Your program should process to the end of file.

Output
For each the case print two integers X and Y. X represents the number of companies whose mission had been changed. Y represents the maximum total efficiency can be increased after changing.

Sample Input
3 3
2 1 3
3 2 4
1 26 2
2 1 3
2 3
1 2 3
1 2 3
1 2

Sample Output
2 26
1 2

题目大意：
一个公司里面有n个员工，m个任务，每一名员工做每一个人任务都有一个效益；现在给出了一种任务分配的方案。
问：效益最大是多少？
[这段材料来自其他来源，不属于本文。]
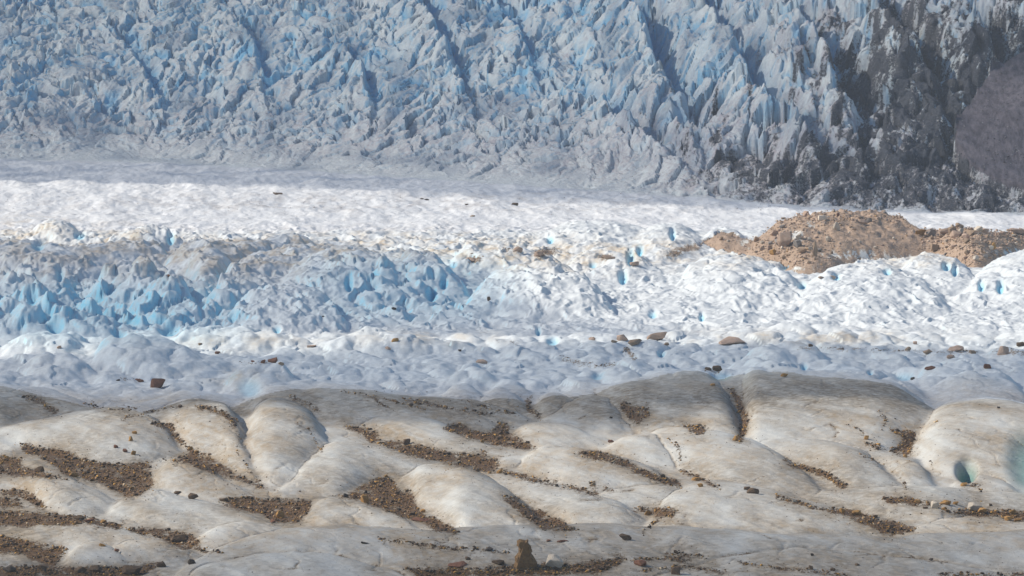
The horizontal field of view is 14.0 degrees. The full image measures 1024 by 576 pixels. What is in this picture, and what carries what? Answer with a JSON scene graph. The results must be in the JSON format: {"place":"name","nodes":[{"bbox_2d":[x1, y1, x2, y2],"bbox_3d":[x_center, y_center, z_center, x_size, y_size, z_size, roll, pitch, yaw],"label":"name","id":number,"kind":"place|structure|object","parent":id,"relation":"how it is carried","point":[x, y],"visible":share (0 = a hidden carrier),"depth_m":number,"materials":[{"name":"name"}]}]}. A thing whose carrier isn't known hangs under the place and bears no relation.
{"place":"outdoors","nodes":[
{"label":"outdoors","id":0,"kind":"place"},
{"bbox_2d":[0,0,1023,214],"bbox_3d":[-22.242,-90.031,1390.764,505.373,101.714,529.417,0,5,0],"label":"icefall","id":1,"kind":"object","parent":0,"point":[734,100],"visible":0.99,"depth_m":1333.29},
{"bbox_2d":[768,0,1023,210],"bbox_3d":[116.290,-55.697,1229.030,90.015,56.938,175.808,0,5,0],"label":"flank rubble","id":2,"kind":"object","parent":1,"relation":"on","point":[924,140],"visible":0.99,"depth_m":1196.13,"materials":[{"name":"stone"}]},
{"bbox_2d":[0,370,1023,575],"bbox_3d":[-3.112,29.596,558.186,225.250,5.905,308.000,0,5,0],"label":"foreground ice","id":3,"kind":"structure","parent":0,"point":[823,410],"depth_m":589.59,"materials":[{"name":"beige ice"}]},
{"bbox_2d":[4,565,15,571],"bbox_3d":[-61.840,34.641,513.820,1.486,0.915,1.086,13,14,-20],"label":"boulder","id":4,"kind":"object","parent":3,"relation":"on","point":[10,568],"visible":1,"depth_m":513.55,"materials":[{"name":"stone"}]},
{"bbox_2d":[34,466,44,471],"bbox_3d":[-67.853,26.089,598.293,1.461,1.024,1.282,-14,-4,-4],"label":"boulder","id":5,"kind":"object","parent":3,"relation":"on","point":[39,468],"visible":1,"depth_m":597.94,"materials":[{"name":"brown stone"}]},
{"bbox_2d":[37,564,47,568],"bbox_3d":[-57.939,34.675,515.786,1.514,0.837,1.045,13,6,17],"label":"boulder","id":6,"kind":"object","parent":3,"relation":"on","point":[39,566],"visible":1,"depth_m":515.40,"materials":[{"name":"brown stone"}]},
{"bbox_2d":[69,472,78,476],"bbox_3d":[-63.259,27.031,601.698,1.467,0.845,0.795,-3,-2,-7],"label":"rock","id":7,"kind":"object","parent":3,"relation":"on","point":[72,474],"visible":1,"depth_m":601.49,"materials":[{"name":"stone"}]},
{"bbox_2d":[74,515,84,519],"bbox_3d":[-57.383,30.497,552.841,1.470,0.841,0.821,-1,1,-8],"label":"boulder","id":8,"kind":"object","parent":3,"relation":"on","point":[79,517],"visible":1,"depth_m":552.63,"materials":[{"name":"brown stone"}]},
{"bbox_2d":[74,566,86,572],"bbox_3d":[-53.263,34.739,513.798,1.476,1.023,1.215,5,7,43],"label":"boulder","id":9,"kind":"object","parent":3,"relation":"on","point":[80,569],"visible":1,"depth_m":513.37,"materials":[{"name":"grey stone"}]},
{"bbox_2d":[89,565,101,572],"bbox_3d":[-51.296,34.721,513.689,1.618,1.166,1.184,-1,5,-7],"label":"boulder","id":10,"kind":"object","parent":3,"relation":"on","point":[95,568],"visible":1,"depth_m":513.46,"materials":[{"name":"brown stone"}]},
{"bbox_2d":[122,565,141,574],"bbox_3d":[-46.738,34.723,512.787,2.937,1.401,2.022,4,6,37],"label":"boulder","id":11,"kind":"object","parent":3,"relation":"on","point":[130,569],"visible":1,"depth_m":512.15,"materials":[{"name":"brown stone"}]},
{"bbox_2d":[156,562,165,566],"bbox_3d":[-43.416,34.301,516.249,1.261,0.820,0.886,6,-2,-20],"label":"rock","id":12,"kind":"object","parent":3,"relation":"on","point":[160,564],"visible":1,"depth_m":515.95,"materials":[{"name":"grey stone"}]},
{"bbox_2d":[170,534,188,541],"bbox_3d":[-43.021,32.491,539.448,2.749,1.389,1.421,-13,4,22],"label":"boulder","id":13,"kind":"object","parent":3,"relation":"on","point":[180,538],"visible":1,"depth_m":538.97,"materials":[{"name":"grey stone"}]},
{"bbox_2d":[188,559,195,564],"bbox_3d":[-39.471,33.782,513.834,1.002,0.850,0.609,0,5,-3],"label":"boulder","id":14,"kind":"object","parent":3,"relation":"on","point":[191,561],"visible":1,"depth_m":513.57,"materials":[{"name":"stone"}]},
{"bbox_2d":[188,493,197,498],"bbox_3d":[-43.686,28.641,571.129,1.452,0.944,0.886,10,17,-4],"label":"boulder","id":15,"kind":"object","parent":3,"relation":"on","point":[192,496],"visible":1,"depth_m":570.89,"materials":[{"name":"grey stone"}]},
{"bbox_2d":[276,510,284,517],"bbox_3d":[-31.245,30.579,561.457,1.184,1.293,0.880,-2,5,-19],"label":"boulder","id":16,"kind":"object","parent":3,"relation":"on","point":[279,514],"visible":1,"depth_m":561.14,"materials":[{"name":"stone"}]},
{"bbox_2d":[360,494,368,502],"bbox_3d":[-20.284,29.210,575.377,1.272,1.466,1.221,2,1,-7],"label":"boulder","id":17,"kind":"object","parent":3,"relation":"on","point":[364,499],"visible":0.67,"depth_m":574.83,"materials":[{"name":"stone"}]},
{"bbox_2d":[403,438,409,444],"bbox_3d":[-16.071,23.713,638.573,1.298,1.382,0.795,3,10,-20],"label":"boulder","id":18,"kind":"object","parent":3,"relation":"on","point":[406,441],"visible":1,"depth_m":638.18,"materials":[{"name":"grey stone"}]},
{"bbox_2d":[411,517,429,521],"bbox_3d":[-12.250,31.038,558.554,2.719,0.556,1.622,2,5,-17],"label":"rock slab","id":19,"kind":"object","parent":3,"relation":"on","point":[419,519],"visible":1,"depth_m":558.31,"materials":[{"name":"orange stone"}]},
{"bbox_2d":[448,561,466,567],"bbox_3d":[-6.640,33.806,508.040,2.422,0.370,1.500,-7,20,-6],"label":"rock slab","id":20,"kind":"object","parent":3,"relation":"on","point":[459,564],"visible":1,"depth_m":507.97,"materials":[{"name":"orange stone"}]},
{"bbox_2d":[492,559,504,564],"bbox_3d":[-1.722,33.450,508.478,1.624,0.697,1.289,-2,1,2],"label":"rock","id":21,"kind":"object","parent":3,"relation":"on","point":[499,561],"visible":1,"depth_m":508.07,"materials":[{"name":"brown stone"}]},
{"bbox_2d":[1,388,1010,575],"bbox_3d":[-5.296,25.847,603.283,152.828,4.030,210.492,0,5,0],"label":"scattered stones","id":22,"kind":"object","parent":3,"relation":"on","point":[488,482],"visible":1,"depth_m":582.63,"materials":[{"name":"brown stone"}]},
{"bbox_2d":[0,396,1022,575],"bbox_3d":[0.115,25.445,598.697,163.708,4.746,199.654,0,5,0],"label":"sparse specks","id":23,"kind":"object","parent":3,"relation":"on","point":[537,503],"visible":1,"depth_m":562.95,"materials":[{"name":"stone"}]},
{"bbox_2d":[514,539,536,568],"bbox_3d":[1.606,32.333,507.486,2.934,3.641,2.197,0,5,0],"label":"upright rock","id":24,"kind":"object","parent":3,"relation":"on","point":[524,558],"visible":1,"depth_m":506.70,"materials":[{"name":"brown stone"}]},
{"bbox_2d":[545,554,562,567],"bbox_3d":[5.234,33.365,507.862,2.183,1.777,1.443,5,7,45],"label":"boulder","id":25,"kind":"object","parent":3,"relation":"on","point":[552,560],"visible":1,"depth_m":507.46,"materials":[{"name":"stone"}]},
{"bbox_2d":[619,533,631,540],"bbox_3d":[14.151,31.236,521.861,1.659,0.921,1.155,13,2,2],"label":"rock","id":26,"kind":"object","parent":3,"relation":"on","point":[625,537],"visible":1,"depth_m":521.36,"materials":[{"name":"grey stone"}]},
{"bbox_2d":[634,560,646,565],"bbox_3d":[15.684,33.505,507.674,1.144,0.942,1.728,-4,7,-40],"label":"rock","id":27,"kind":"object","parent":3,"relation":"on","point":[640,562],"visible":1,"depth_m":507.13,"materials":[{"name":"orange stone"}]},
{"bbox_2d":[671,566,680,574],"bbox_3d":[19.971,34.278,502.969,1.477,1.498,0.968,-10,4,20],"label":"rock","id":28,"kind":"object","parent":3,"relation":"on","point":[675,570],"visible":1,"depth_m":502.58,"materials":[{"name":"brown stone"}]},
{"bbox_2d":[691,477,699,480],"bbox_3d":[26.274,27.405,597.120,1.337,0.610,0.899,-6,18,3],"label":"rock","id":29,"kind":"object","parent":3,"relation":"on","point":[696,478],"visible":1,"depth_m":596.90,"materials":[{"name":"stone"}]},
{"bbox_2d":[746,488,758,493],"bbox_3d":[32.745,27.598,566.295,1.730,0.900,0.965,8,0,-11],"label":"boulder","id":30,"kind":"object","parent":3,"relation":"on","point":[753,490],"visible":1,"depth_m":566.00,"materials":[{"name":"brown stone"}]},
{"bbox_2d":[852,510,861,515],"bbox_3d":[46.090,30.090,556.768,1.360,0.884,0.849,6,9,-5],"label":"boulder","id":31,"kind":"object","parent":3,"relation":"on","point":[856,512],"visible":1,"depth_m":556.45,"materials":[{"name":"stone"}]},
{"bbox_2d":[931,501,938,507],"bbox_3d":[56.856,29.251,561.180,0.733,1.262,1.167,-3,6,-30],"label":"boulder","id":32,"kind":"object","parent":3,"relation":"on","point":[934,504],"visible":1,"depth_m":560.90,"materials":[{"name":"stone"}]},
{"bbox_2d":[939,500,950,504],"bbox_3d":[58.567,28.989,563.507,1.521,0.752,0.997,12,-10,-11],"label":"boulder","id":33,"kind":"object","parent":3,"relation":"on","point":[946,502],"visible":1,"depth_m":563.27,"materials":[{"name":"stone"}]},
{"bbox_2d":[967,502,981,510],"bbox_3d":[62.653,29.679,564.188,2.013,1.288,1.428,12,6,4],"label":"boulder","id":34,"kind":"object","parent":3,"relation":"on","point":[973,506],"visible":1,"depth_m":563.68,"materials":[{"name":"stone"}]},
{"bbox_2d":[977,507,986,512],"bbox_3d":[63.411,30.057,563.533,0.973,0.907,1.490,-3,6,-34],"label":"boulder","id":35,"kind":"object","parent":3,"relation":"on","point":[982,510],"visible":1,"depth_m":563.16,"materials":[{"name":"stone"}]},
{"bbox_2d":[1004,516,1012,520],"bbox_3d":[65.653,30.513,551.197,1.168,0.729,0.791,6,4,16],"label":"rock","id":36,"kind":"object","parent":3,"relation":"on","point":[1006,518],"visible":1,"depth_m":551.02,"materials":[{"name":"stone"}]},
{"bbox_2d":[0,218,1023,411],"bbox_3d":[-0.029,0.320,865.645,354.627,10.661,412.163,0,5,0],"label":"broken ice field","id":37,"kind":"structure","parent":0,"point":[105,310],"depth_m":830.86,"materials":[{"name":"white ice"}]},
{"bbox_2d":[150,378,164,387],"bbox_3d":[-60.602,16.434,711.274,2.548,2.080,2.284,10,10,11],"label":"boulder","id":38,"kind":"object","parent":37,"relation":"on","point":[157,382],"visible":1,"depth_m":710.89,"materials":[{"name":"orange stone"}]},
{"bbox_2d":[268,355,277,362],"bbox_3d":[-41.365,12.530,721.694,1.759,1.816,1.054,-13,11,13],"label":"boulder","id":39,"kind":"object","parent":37,"relation":"on","point":[274,360],"visible":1,"depth_m":721.46,"materials":[{"name":"orange stone"}]},
{"bbox_2d":[466,257,475,261],"bbox_3d":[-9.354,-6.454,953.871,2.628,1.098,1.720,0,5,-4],"label":"boulder","id":40,"kind":"object","parent":37,"relation":"on","point":[472,259],"visible":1,"depth_m":953.61,"materials":[{"name":"stone"}]},
{"bbox_2d":[476,359,487,363],"bbox_3d":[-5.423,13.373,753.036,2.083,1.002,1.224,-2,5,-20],"label":"boulder","id":41,"kind":"object","parent":37,"relation":"on","point":[482,361],"visible":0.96,"depth_m":752.84,"materials":[{"name":"stone"}]},
{"bbox_2d":[513,246,522,252],"bbox_3d":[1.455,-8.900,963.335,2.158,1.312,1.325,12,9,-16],"label":"boulder","id":42,"kind":"object","parent":37,"relation":"on","point":[519,249],"visible":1,"depth_m":962.95,"materials":[{"name":"stone"}]},
{"bbox_2d":[534,251,543,256],"bbox_3d":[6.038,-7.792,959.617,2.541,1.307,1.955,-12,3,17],"label":"boulder","id":43,"kind":"object","parent":37,"relation":"on","point":[538,253],"visible":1,"depth_m":958.95,"materials":[{"name":"stone"}]},
{"bbox_2d":[120,341,1023,380],"bbox_3d":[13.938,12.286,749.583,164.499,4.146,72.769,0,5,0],"label":"hummock rubble","id":44,"kind":"object","parent":37,"relation":"on","point":[705,370],"visible":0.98,"depth_m":761.99,"materials":[{"name":"stone"}]},
{"bbox_2d":[468,242,702,265],"bbox_3d":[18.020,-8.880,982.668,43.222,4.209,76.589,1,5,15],"label":"ridge rubble","id":45,"kind":"object","parent":37,"relation":"on","point":[599,255],"visible":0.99,"depth_m":982.77,"materials":[{"name":"stone"}]},
{"bbox_2d":[602,254,614,259],"bbox_3d":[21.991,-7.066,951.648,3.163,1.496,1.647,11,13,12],"label":"boulder","id":46,"kind":"object","parent":37,"relation":"on","point":[606,257],"visible":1,"depth_m":951.15,"materials":[{"name":"stone"}]},
{"bbox_2d":[617,334,627,340],"bbox_3d":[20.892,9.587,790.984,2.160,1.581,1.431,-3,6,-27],"label":"boulder","id":47,"kind":"object","parent":37,"relation":"on","point":[622,337],"visible":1,"depth_m":790.48,"materials":[{"name":"stone"}]},
{"bbox_2d":[628,339,641,345],"bbox_3d":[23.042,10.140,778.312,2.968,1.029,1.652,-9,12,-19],"label":"boulder","id":48,"kind":"object","parent":37,"relation":"on","point":[634,342],"visible":1,"depth_m":777.77,"materials":[{"name":"beige stone"}]},
{"bbox_2d":[647,332,666,339],"bbox_3d":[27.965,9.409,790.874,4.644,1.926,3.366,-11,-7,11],"label":"boulder","id":49,"kind":"object","parent":37,"relation":"on","point":[658,336],"visible":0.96,"depth_m":789.59,"materials":[{"name":"stone"}]},
{"bbox_2d":[712,365,721,370],"bbox_3d":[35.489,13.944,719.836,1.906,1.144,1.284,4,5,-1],"label":"rock","id":50,"kind":"object","parent":37,"relation":"on","point":[717,368],"visible":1,"depth_m":719.38,"materials":[{"name":"grey stone"}]},
{"bbox_2d":[719,336,744,343],"bbox_3d":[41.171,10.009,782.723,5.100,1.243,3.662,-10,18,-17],"label":"rock slab","id":51,"kind":"object","parent":37,"relation":"on","point":[731,340],"visible":1,"depth_m":781.68,"materials":[{"name":"stone"}]},
{"bbox_2d":[701,208,1023,274],"bbox_3d":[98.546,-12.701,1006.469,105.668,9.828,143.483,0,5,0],"label":"moraine mound","id":52,"kind":"object","parent":37,"relation":"on","point":[879,227],"visible":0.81,"depth_m":989.50,"materials":[{"name":"brown gravel"}]},
{"bbox_2d":[769,249,775,254],"bbox_3d":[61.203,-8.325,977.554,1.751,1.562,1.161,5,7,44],"label":"boulder","id":53,"kind":"object","parent":52,"relation":"on","point":[772,252],"visible":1,"depth_m":977.06,"materials":[{"name":"stone"}]},
{"bbox_2d":[770,230,777,235],"bbox_3d":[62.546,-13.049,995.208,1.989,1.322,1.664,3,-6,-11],"label":"mound boulder","id":54,"kind":"object","parent":52,"relation":"on","point":[774,232],"visible":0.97,"depth_m":994.60,"materials":[{"name":"stone"}]},
{"bbox_2d":[777,231,791,246],"bbox_3d":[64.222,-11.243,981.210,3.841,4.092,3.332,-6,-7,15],"label":"boulder","id":55,"kind":"object","parent":52,"relation":"on","point":[784,238],"visible":1,"depth_m":980.07,"materials":[{"name":"stone"}]},
{"bbox_2d":[793,239,801,247],"bbox_3d":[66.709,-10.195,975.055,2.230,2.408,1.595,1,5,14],"label":"boulder","id":56,"kind":"object","parent":52,"relation":"on","point":[797,243],"visible":1,"depth_m":974.44,"materials":[{"name":"grey stone"}]},
{"bbox_2d":[798,247,806,252],"bbox_3d":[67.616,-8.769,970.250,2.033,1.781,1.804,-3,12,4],"label":"mound boulder","id":57,"kind":"object","parent":52,"relation":"on","point":[802,249],"visible":1,"depth_m":969.59,"materials":[{"name":"beige stone"}]},
{"bbox_2d":[813,241,817,255],"bbox_3d":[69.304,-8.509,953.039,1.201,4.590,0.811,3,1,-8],"label":"rock","id":58,"kind":"object","parent":52,"relation":"on","point":[815,249],"visible":1,"depth_m":952.69,"materials":[{"name":"beige stone"}]},
{"bbox_2d":[818,215,826,220],"bbox_3d":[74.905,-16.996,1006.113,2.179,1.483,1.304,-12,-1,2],"label":"mound boulder","id":59,"kind":"object","parent":52,"relation":"on","point":[822,217],"visible":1,"depth_m":1005.56,"materials":[{"name":"stone"}]},
{"bbox_2d":[833,222,839,230],"bbox_3d":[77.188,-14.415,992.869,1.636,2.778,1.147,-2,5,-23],"label":"rock slab","id":60,"kind":"object","parent":52,"relation":"on","point":[836,226],"visible":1,"depth_m":992.42,"materials":[{"name":"stone"}]},
{"bbox_2d":[859,219,867,223],"bbox_3d":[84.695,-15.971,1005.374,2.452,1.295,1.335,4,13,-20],"label":"boulder","id":61,"kind":"object","parent":52,"relation":"on","point":[863,221],"visible":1,"depth_m":1004.98,"materials":[{"name":"stone"}]},
{"bbox_2d":[704,208,1023,271],"bbox_3d":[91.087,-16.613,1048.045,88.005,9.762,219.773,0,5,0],"label":"mound rubble","id":62,"kind":"object","parent":52,"relation":"on","point":[972,237],"visible":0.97,"depth_m":991.09,"materials":[{"name":"stone"}]},
{"bbox_2d":[915,229,925,234],"bbox_3d":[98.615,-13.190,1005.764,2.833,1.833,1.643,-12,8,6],"label":"boulder","id":63,"kind":"object","parent":52,"relation":"on","point":[921,232],"visible":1,"depth_m":1005.02,"materials":[{"name":"stone"}]},
{"bbox_2d":[927,229,935,235],"bbox_3d":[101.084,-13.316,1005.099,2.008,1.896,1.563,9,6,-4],"label":"mound boulder","id":64,"kind":"object","parent":52,"relation":"on","point":[932,232],"visible":1,"depth_m":1004.52,"materials":[{"name":"grey stone"}]},
{"bbox_2d":[930,244,939,250],"bbox_3d":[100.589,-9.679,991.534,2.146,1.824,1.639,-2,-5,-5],"label":"mound boulder","id":65,"kind":"object","parent":52,"relation":"on","point":[935,247],"visible":1,"depth_m":990.87,"materials":[{"name":"beige stone"}]},
{"bbox_2d":[938,229,947,233],"bbox_3d":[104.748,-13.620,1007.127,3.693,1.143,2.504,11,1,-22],"label":"rock slab","id":66,"kind":"object","parent":52,"relation":"on","point":[944,231],"visible":0.84,"depth_m":1006.34,"materials":[{"name":"stone"}]},
{"bbox_2d":[948,226,955,233],"bbox_3d":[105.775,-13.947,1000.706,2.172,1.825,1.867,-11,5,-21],"label":"mound boulder","id":67,"kind":"object","parent":52,"relation":"on","point":[951,229],"visible":0.81,"depth_m":1000.10,"materials":[{"name":"beige stone"}]},
{"bbox_2d":[950,230,961,238],"bbox_3d":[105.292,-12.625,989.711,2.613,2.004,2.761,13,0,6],"label":"boulder","id":68,"kind":"object","parent":52,"relation":"on","point":[954,234],"visible":1,"depth_m":989.32,"materials":[{"name":"stone"}]},
{"bbox_2d":[955,223,963,227],"bbox_3d":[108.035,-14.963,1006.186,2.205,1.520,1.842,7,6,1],"label":"mound boulder","id":69,"kind":"object","parent":52,"relation":"on","point":[957,225],"visible":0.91,"depth_m":1005.56,"materials":[{"name":"beige stone"}]},
{"bbox_2d":[962,233,968,238],"bbox_3d":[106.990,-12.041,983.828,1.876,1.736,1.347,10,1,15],"label":"boulder","id":70,"kind":"object","parent":52,"relation":"on","point":[964,235],"visible":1,"depth_m":983.27,"materials":[{"name":"stone"}]},
{"bbox_2d":[966,230,975,235],"bbox_3d":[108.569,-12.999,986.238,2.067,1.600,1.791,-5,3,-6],"label":"mound boulder","id":71,"kind":"object","parent":52,"relation":"on","point":[970,232],"visible":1,"depth_m":985.74,"materials":[{"name":"beige stone"}]},
{"bbox_2d":[974,226,982,231],"bbox_3d":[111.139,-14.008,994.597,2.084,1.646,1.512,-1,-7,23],"label":"mound boulder","id":72,"kind":"object","parent":52,"relation":"on","point":[978,228],"visible":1,"depth_m":994.22,"materials":[{"name":"stone"}]},
{"bbox_2d":[1008,228,1023,233],"bbox_3d":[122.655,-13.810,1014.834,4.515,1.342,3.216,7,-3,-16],"label":"rock slab","id":73,"kind":"object","parent":52,"relation":"on","point":[1018,231],"visible":1,"depth_m":1013.51,"materials":[{"name":"stone"}]},
{"bbox_2d":[924,366,934,369],"bbox_3d":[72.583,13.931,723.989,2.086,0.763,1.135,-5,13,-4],"label":"rock","id":74,"kind":"object","parent":37,"relation":"on","point":[929,367],"visible":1,"depth_m":723.72,"materials":[{"name":"brown stone"}]},
{"bbox_2d":[948,345,963,351],"bbox_3d":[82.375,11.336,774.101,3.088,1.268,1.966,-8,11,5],"label":"boulder","id":75,"kind":"object","parent":37,"relation":"on","point":[957,348],"visible":1,"depth_m":773.60,"materials":[{"name":"stone"}]},
{"bbox_2d":[983,364,990,368],"bbox_3d":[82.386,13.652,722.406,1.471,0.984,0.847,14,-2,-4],"label":"rock","id":76,"kind":"object","parent":37,"relation":"on","point":[986,366],"visible":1,"depth_m":722.14,"materials":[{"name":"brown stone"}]},
{"bbox_2d":[997,346,1008,354],"bbox_3d":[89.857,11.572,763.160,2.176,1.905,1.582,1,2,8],"label":"boulder","id":77,"kind":"object","parent":37,"relation":"on","point":[1003,350],"visible":1,"depth_m":762.67,"materials":[{"name":"stone"}]},
{"bbox_2d":[1016,342,1023,346],"bbox_3d":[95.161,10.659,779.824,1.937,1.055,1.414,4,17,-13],"label":"rock","id":78,"kind":"object","parent":37,"relation":"on","point":[1020,344],"visible":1,"depth_m":779.24,"materials":[{"name":"grey stone"}]},
{"bbox_2d":[0,159,1023,233],"bbox_3d":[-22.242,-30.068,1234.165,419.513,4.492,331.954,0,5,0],"label":"snowfield","id":79,"kind":"structure","parent":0,"point":[107,191],"depth_m":1172.62,"materials":[{"name":"white snow"}]},
{"bbox_2d":[7,191,809,216],"bbox_3d":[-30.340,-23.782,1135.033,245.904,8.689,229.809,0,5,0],"label":"snow specks","id":80,"kind":"object","parent":79,"relation":"on","point":[388,202],"visible":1,"depth_m":1176.62,"materials":[{"name":"snow"}]},
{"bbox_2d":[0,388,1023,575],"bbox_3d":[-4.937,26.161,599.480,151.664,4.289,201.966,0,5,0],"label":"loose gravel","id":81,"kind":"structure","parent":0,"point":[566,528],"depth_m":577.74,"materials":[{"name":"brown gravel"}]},
{"bbox_2d":[955,52,1023,190],"bbox_3d":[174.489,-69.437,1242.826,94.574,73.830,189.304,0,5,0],"label":"rock slope","id":82,"kind":"structure","parent":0,"point":[969,145],"depth_m":1197.78,"materials":[{"name":"grey stone"}]},
{"bbox_2d":[960,64,1023,186],"bbox_3d":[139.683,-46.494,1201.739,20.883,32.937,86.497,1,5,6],"label":"slope scree","id":83,"kind":"structure","parent":82,"relation":"on","point":[997,125],"depth_m":1193.19,"materials":[{"name":"stone"}]}
]}

在保证效益最大的前提下最少更改多少个员工的任务？

解题思路：
我们可以通过员工和任务构建一张二分图，边权就是每个员工对于每个任务的效益，然后通过求最优匹配得到最大的效益；
然后，我们可以给每一个题目给出的方案中的边的边权 * (n + 1) + 1,即ans = ans * (n + 1) + 1,让 其他的边权 * (n + 1), 即ans = ans * (n + 1)，然后再对这张新的二分图求一次最优匹配会得到一个答案，设为ans2,并设原图中的答案为ans1；
则有 ans1 * (n+ 1) <= ans2 <= ans1 * (n + 1) + n;
当ans2取到最小值的时候表示最优方案中的边没有一条是原方案中的边，取到最大值的时候表示最有方案的边全部都是原方案的边。
这样，最优方案中选取原方案的边的个数 = ans2 % (n + 1)，从而第二个问题的答案就等于 n - ans2 % (n + 1)。

AC代码：

#include <iostream>
#include <cstdio>
#include <cstring>
#include <algorithm>

using namespace std;

const int maxn = 55;
const int inf = 0x3f3f3f3f;

int n, m, ans, ans1, ans2;
int w[maxn][maxn], la[maxn], lb[maxn], match[maxn];
bool vis[maxn][maxn], va[maxn], vb[maxn];
int delta;

inline bool find(int x) {
	va[x] = true;
	
	for(int y = 1; y <= m; y ++) {
		if(la[x] + lb[y] == w[x][y]) {
			if(!vb[y]) {
				vb[y] = true;
				if(!match[y] || find(match[y])) {
					match[y] = x;
					return true;
				}
			}
		}
	}
	
	return false;
}

inline void KM(void) {
	for(int i = 1; i <= n; i ++) {
		la[i] = inf;
		
		for(int j = 1; j <= m; j ++) {
			lb[j] = 0;
			la[i] = max(la[i], w[i][j]);
		}
	}
	
	memset(match, 0, sizeof match);
	ans2 = 0;
	
	for(int i = 1; i <= n; i ++) 
		while(true) {
			memset(va, false, sizeof va);
			memset(vb, false, sizeof vb);
			
			if(find(i)) break;
			
			delta = inf;
			for(int x = 1; x <= n; x ++)
			if(va[x])
			for(int y = 1; y <= m; y ++)
			if(!vb[y])
			delta = min(delta, la[x] + lb[y] - w[x][y]);
			
			for(int j = 1; j <= n; j ++)
			if(va[j]) la[j] -= delta;
			
			for(int j = 1; j <= m; j ++)
			if(vb[j]) lb[j] += delta;	
		} 
		
	for(int i = 1; i <= m; i ++) {
		int tmp = match[i];
		ans2 += w[tmp][i];
	}
}

int main(void) {
	//freopen("in.txt", "r", stdin);
	
	while(scanf("%d%d", &n, &m) != EOF) {
		ans = 0;
		//输入 
		for(int i = 1; i <= n; i ++)
			for(int j = 1; j <= m; j ++)
				scanf("%d", &w[i][j]);
				
		for(int i = 1; i <= n; i ++) {
			int j;
			scanf("%d", &j);
			ans += w[i][j];
			vis[i][j] = true;
		}
		
		KM();
		ans1 = ans2;
		
		for(int i = 1; i <= n; i ++)
			for(int j = 1; j <= m; j ++)
				if(vis[i][j]) w[i][j] = w[i][j] * (n + 1) + 1;
				else w[i][j] = w[i][j] * (n + 1);
		
		KM();
		
		int permt = n - ans2 % (n + 1);
		printf("%d %d\n", permt, ans1 - ans);
		
		memset(vis, false, sizeof vis);
	}	
	
	//fclose(stdin);
	return 0;
}